### Records from a data collection
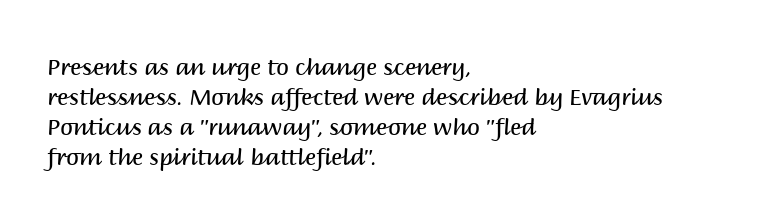
The lines are quadded left. The font sits on the lighter half of the weight spectrum, regular included. Tracking here is standard; glyphs follow each other at the usual distance. Rule under the text: the space is simply empty.
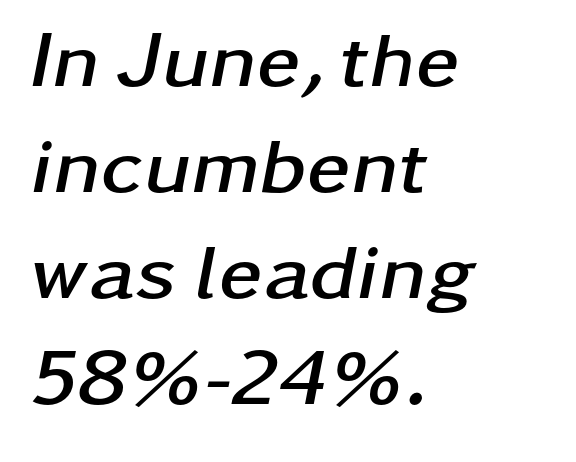
Q: Is the text bold? A: Yes.
Q: Is the text italic (slanted)? A: Yes, it leans right by about 11 degrees.
Q: Is the text underlined? A: No.
Q: How is the paragraph aligned? A: Left-aligned.
Q: Is the spacing between letters normal or unusually wide? A: Normal.
Q: Is the spacing between lines tight, normal or loose? A: Normal.
Q: Width (condensed, normal, or wide)? A: Wide.
Q: Stroke contrast? A: Low.
Q: x-height? A: Medium.
Q: Monospaced? A: No.
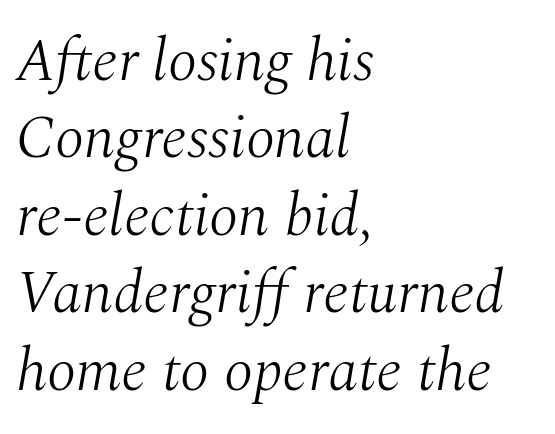
Q: Is the text bold? A: No.
Q: Is the text italic (slanted)? A: Yes, it leans right by about 10 degrees.
Q: Is the typeface a serif or a sans-serif typeface? A: Serif.
Q: Is the text underlined? A: No.
Q: How is the paragraph aligned? A: Left-aligned.
Q: Is the spacing between letters normal or unusually wide? A: Normal.
Q: Is the spacing between lines tight, normal or loose? A: Normal.
Q: Width (condensed, normal, or wide)? A: Normal.
Q: Stroke contrast? A: Medium.
Q: x-height? A: Medium.
Q: Monospaced? A: No.
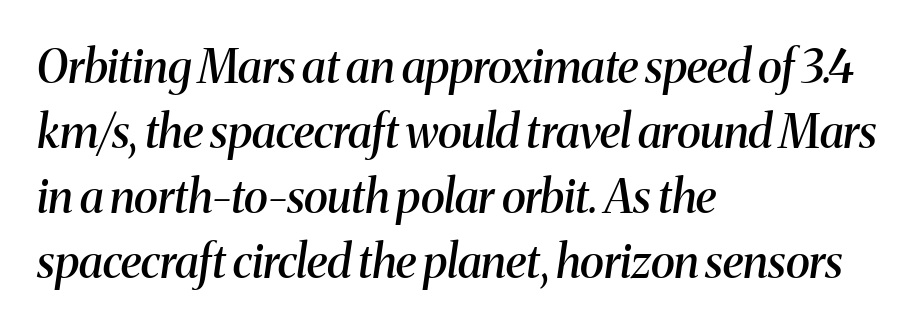
The image shows 46 px semibold serif type, italic (leaning right); set left-aligned, normal line spacing (1.41x), normal letter spacing, not underlined; medium stroke contrast and a medium x-height.

### Assignment
Please return the lines above exactly, with the pictures omitted.

### The answer
The lines are quadded left. The font sits on the lighter half of the weight spectrum, regular included. Tracking here is standard; glyphs follow each other at the usual distance. Rule under the text: the space is simply empty.
Q: Is the text bold? A: Yes.
Q: Is the text italic (slanted)? A: Yes, it leans right by about 11 degrees.
Q: Is the text underlined? A: No.
Q: How is the paragraph aligned? A: Left-aligned.
Q: Is the spacing between letters normal or unusually wide? A: Normal.
Q: Is the spacing between lines tight, normal or loose? A: Normal.
Q: Width (condensed, normal, or wide)? A: Wide.
Q: Stroke contrast? A: Low.
Q: x-height? A: Medium.
Q: Monospaced? A: No.
Q: Is the text bold? A: No.
Q: Is the text italic (slanted)? A: Yes, it leans right by about 10 degrees.
Q: Is the typeface a serif or a sans-serif typeface? A: Serif.
Q: Is the text underlined? A: No.
Q: How is the paragraph aligned? A: Left-aligned.
Q: Is the spacing between letters normal or unusually wide? A: Normal.
Q: Is the spacing between lines tight, normal or loose? A: Normal.
Q: Width (condensed, normal, or wide)? A: Normal.
Q: Stroke contrast? A: Medium.
Q: x-height? A: Medium.
Q: Monospaced? A: No.
The image shows 46 px semibold serif type, italic (leaning right); set left-aligned, normal line spacing (1.41x), normal letter spacing, not underlined; medium stroke contrast and a medium x-height.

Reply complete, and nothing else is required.